New Delhi, Oct. 7: Apollo Tyres’ $2.5-billion deal to acquire US company Cooper Tire has hit another road block. Apollo’s demand for a lower deal value, because of problems related to Cooper’s China operations and concessions to workers’ union, has been rejected by the US company.
According to a complaint filed by Cooper in a US court, Apollo wanted a price renegotiation “far greater than the $2.50 reduction it had earlier proposed, and at one point referencing ‘$8 or $9’ per share”.
According to the original deal announced in June this year, Apollo had agreed to buy Cooper at $35 per share in an all-cash transaction.
The Indian firm accused Cooper of misrepresenting facts about its Chinese operations and also of unwillingness to give financial concessions to worker's union, United Steelworkers (USW), but the US firm asserted that the risks were part of their deal.
In a statement, Apollo said the company and its financing banks, Morgan Stanley, Deutsche Bank, Goldman Sachs and Standard Chartered Bank, were justified under their merger agreement to ask Cooper to provide updated financial statements and guidance “in light of the significant and unanticipated costs that go well beyond those Apollo is obligated to bear under the merger agreement.
“Cooper has acknowledged to Apollo that some price reduction is warranted. The issue now is by how much.”
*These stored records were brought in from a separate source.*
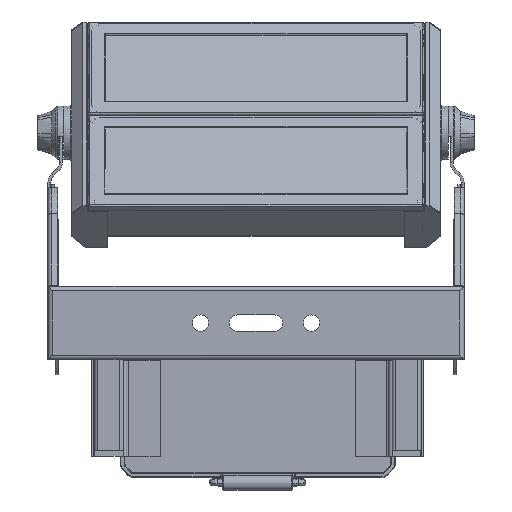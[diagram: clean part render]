
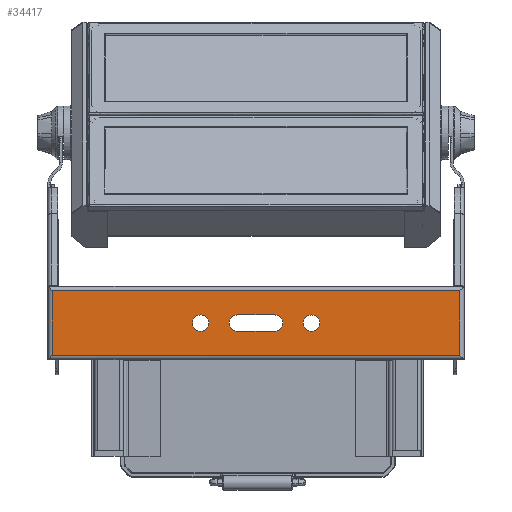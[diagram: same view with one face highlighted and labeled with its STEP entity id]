
A CAD part, front view. The second image highlights one B-rep face of the part: STEP entity #34417.
In plain terms, the highlighted face is planar.
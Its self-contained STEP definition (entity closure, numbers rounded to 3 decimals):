
#281 = VECTOR ( 'NONE', #23930, 1000. ) ;
#858 = CARTESIAN_POINT ( 'NONE',  ( -25., 0., 0. ) ) ;
#1712 = ORIENTED_EDGE ( 'NONE', *, *, #14236, .F. ) ;
#1850 = AXIS2_PLACEMENT_3D ( 'NONE', #38044, #43762, #34091 ) ;
#4586 = VECTOR ( 'NONE', #28580, 1000. ) ;
#5924 = AXIS2_PLACEMENT_3D ( 'NONE', #24457, #31861, #32595 ) ;
#6262 = DIRECTION ( 'NONE',  ( 0., 0., -1. ) ) ;
#7125 = CARTESIAN_POINT ( 'NONE',  ( 281.55, 43.5, 0. ) ) ;
#7706 = DIRECTION ( 'NONE',  ( 0., 0., -1. ) ) ;
#7944 = EDGE_CURVE ( 'NONE', #9697, #37085, #22175, .T. ) ;
#8308 = CARTESIAN_POINT ( 'NONE',  ( 275.55, -49.5, 0. ) ) ;
#9131 = CARTESIAN_POINT ( 'NONE',  ( 75., -11., 0. ) ) ;
#9697 = VERTEX_POINT ( 'NONE', #23480 ) ;
#9714 = CARTESIAN_POINT ( 'NONE',  ( 75., 0., 0. ) ) ;
#9890 = VERTEX_POINT ( 'NONE', #24940 ) ;
#10545 = VERTEX_POINT ( 'NONE', #42419 ) ;
#10714 = EDGE_CURVE ( 'NONE', #14574, #14574, #25083, .T. ) ;
#12414 = DIRECTION ( 'NONE',  ( 0., -1., 0. ) ) ;
#12520 = CARTESIAN_POINT ( 'NONE',  ( -275.55, 43.5, 0. ) ) ;
#13139 = ORIENTED_EDGE ( 'NONE', *, *, #27347, .T. ) ;
#13252 = EDGE_CURVE ( 'NONE', #24169, #20219, #32413, .T. ) ;
#13387 = EDGE_CURVE ( 'NONE', #20219, #40460, #48116, .T. ) ;
#13537 = CARTESIAN_POINT ( 'NONE',  ( -25., -11.003, 0. ) ) ;
#13696 = ORIENTED_EDGE ( 'NONE', *, *, #10714, .F. ) ;
#13832 = CARTESIAN_POINT ( 'NONE',  ( -25., 11.003, 0. ) ) ;
#14236 = EDGE_CURVE ( 'NONE', #40460, #10545, #39706, .T. ) ;
#14574 = VERTEX_POINT ( 'NONE', #37247 ) ;
#14645 = AXIS2_PLACEMENT_3D ( 'NONE', #9714, #6262, #24978 ) ;
#15216 = ORIENTED_EDGE ( 'NONE', *, *, #45172, .F. ) ;
#16137 = CIRCLE ( 'NONE', #14645, 11. ) ;
#16159 = VERTEX_POINT ( 'NONE', #12520 ) ;
#17419 = ORIENTED_EDGE ( 'NONE', *, *, #21074, .T. ) ;
#17732 = CARTESIAN_POINT ( 'NONE',  ( -281.55, -43.5, 0. ) ) ;
#18356 = EDGE_LOOP ( 'NONE', ( #13696 ) ) ;
#19107 = FACE_BOUND ( 'NONE', #22701, .T. ) ;
#19940 = EDGE_LOOP ( 'NONE', ( #15216 ) ) ;
#20219 = VERTEX_POINT ( 'NONE', #13537 ) ;
#21074 = EDGE_CURVE ( 'NONE', #37085, #9890, #32532, .T. ) ;
#21467 = VECTOR ( 'NONE', #47773, 1000. ) ;
#21695 = LINE ( 'NONE', #7125, #4586 ) ;
#22175 = LINE ( 'NONE', #8308, #44037 ) ;
#22701 = EDGE_LOOP ( 'NONE', ( #1712, #41928, #36532, #28450 ) ) ;
#23031 = PLANE ( 'NONE',  #1850 ) ;
#23448 = VERTEX_POINT ( 'NONE', #9131 ) ;
#23480 = CARTESIAN_POINT ( 'NONE',  ( 275.55, 43.5, 0. ) ) ;
#23930 = DIRECTION ( 'NONE',  ( 0., 1., 0. ) ) ;
#24169 = VERTEX_POINT ( 'NONE', #31760 ) ;
#24457 = CARTESIAN_POINT ( 'NONE',  ( 25., 0., 0. ) ) ;
#24531 = VECTOR ( 'NONE', #32833, 1000. ) ;
#24940 = CARTESIAN_POINT ( 'NONE',  ( -275.55, -43.5, 0. ) ) ;
#24978 = DIRECTION ( 'NONE',  ( 0., -1., 0. ) ) ;
#25083 = CIRCLE ( 'NONE', #38438, 11. ) ;
#26468 = FACE_BOUND ( 'NONE', #18356, .T. ) ;
#26815 = EDGE_LOOP ( 'NONE', ( #13139, #35670, #42140, #17419 ) ) ;
#27156 = CIRCLE ( 'NONE', #5924, 11.003 ) ;
#27315 = DIRECTION ( 'NONE',  ( 0., -1., 0. ) ) ;
#27347 = EDGE_CURVE ( 'NONE', #9890, #16159, #39676, .T. ) ;
#27405 = CARTESIAN_POINT ( 'NONE',  ( 275.55, -43.5, 0. ) ) ;
#28450 = ORIENTED_EDGE ( 'NONE', *, *, #41144, .F. ) ;
#28580 = DIRECTION ( 'NONE',  ( 1., 0., 0. ) ) ;
#30203 = FACE_OUTER_BOUND ( 'NONE', #26815, .T. ) ;
#30952 = EDGE_CURVE ( 'NONE', #16159, #9697, #21695, .T. ) ;
#31760 = CARTESIAN_POINT ( 'NONE',  ( 25., -11.003, 0. ) ) ;
#31861 = DIRECTION ( 'NONE',  ( 0., 0., -1. ) ) ;
#32413 = LINE ( 'NONE', #47295, #21467 ) ;
#32532 = LINE ( 'NONE', #17732, #41327 ) ;
#32595 = DIRECTION ( 'NONE',  ( 0., -1., 0. ) ) ;
#32833 = DIRECTION ( 'NONE',  ( 1., 0., 0. ) ) ;
#34061 = DIRECTION ( 'NONE',  ( 0., -1., 0. ) ) ;
#34091 = DIRECTION ( 'NONE',  ( 0., 1., 0. ) ) ;
#34417 = ADVANCED_FACE ( 'NONE', ( #30203, #26468, #19107, #37301 ), #23031, .F. ) ;
#35670 = ORIENTED_EDGE ( 'NONE', *, *, #30952, .T. ) ;
#36532 = ORIENTED_EDGE ( 'NONE', *, *, #13252, .F. ) ;
#37085 = VERTEX_POINT ( 'NONE', #27405 ) ;
#37247 = CARTESIAN_POINT ( 'NONE',  ( -75., -11., 0. ) ) ;
#37301 = FACE_BOUND ( 'NONE', #19940, .T. ) ;
#38044 = CARTESIAN_POINT ( 'NONE',  ( 28.15, -455.734, 0. ) ) ;
#38438 = AXIS2_PLACEMENT_3D ( 'NONE', #39020, #39255, #12414 ) ;
#39020 = CARTESIAN_POINT ( 'NONE',  ( -75., 0., 0. ) ) ;
#39255 = DIRECTION ( 'NONE',  ( 0., 0., -1. ) ) ;
#39676 = LINE ( 'NONE', #46976, #281 ) ;
#39706 = LINE ( 'NONE', #40681, #24531 ) ;
#40460 = VERTEX_POINT ( 'NONE', #13832 ) ;
#40602 = DIRECTION ( 'NONE',  ( -1., 0., 0. ) ) ;
#40681 = CARTESIAN_POINT ( 'NONE',  ( -25., 11.003, 0. ) ) ;
#41118 = AXIS2_PLACEMENT_3D ( 'NONE', #858, #7706, #34061 ) ;
#41144 = EDGE_CURVE ( 'NONE', #10545, #24169, #27156, .T. ) ;
#41327 = VECTOR ( 'NONE', #40602, 1000. ) ;
#41928 = ORIENTED_EDGE ( 'NONE', *, *, #13387, .F. ) ;
#42140 = ORIENTED_EDGE ( 'NONE', *, *, #7944, .T. ) ;
#42419 = CARTESIAN_POINT ( 'NONE',  ( 25., 11.003, 0. ) ) ;
#43762 = DIRECTION ( 'NONE',  ( 0., 0., 1. ) ) ;
#44037 = VECTOR ( 'NONE', #27315, 1000. ) ;
#45172 = EDGE_CURVE ( 'NONE', #23448, #23448, #16137, .T. ) ;
#46976 = CARTESIAN_POINT ( 'NONE',  ( -275.55, -455.734, 0. ) ) ;
#47295 = CARTESIAN_POINT ( 'NONE',  ( -25., -11.003, 0. ) ) ;
#47773 = DIRECTION ( 'NONE',  ( -1., 0., 0. ) ) ;
#48116 = CIRCLE ( 'NONE', #41118, 11.003 ) ;

It added: “While Apollo continues to be supportive of Cooper's efforts to establish control over its subsidiary’s operations and to assert Cooper's rights against its JV partner, Apollo cannot be responsible for Cooper's failures to do so.”
When contacted, Cooper Tire & Rubber Company vice-president, communications & public affairs, Anne Roman said: “The situations with the USW and the joint venture partner and union in China are a direct result of the merger agreement, and are risks Apollo assumed under the merger agreement.”
On the price reduction, she said: “Cooper is acting in the best interests of our shareholders, who overwhelmingly approved the pending merger with Apollo for $35 per share. Cooper has not agreed that a reduction in share price is warranted.”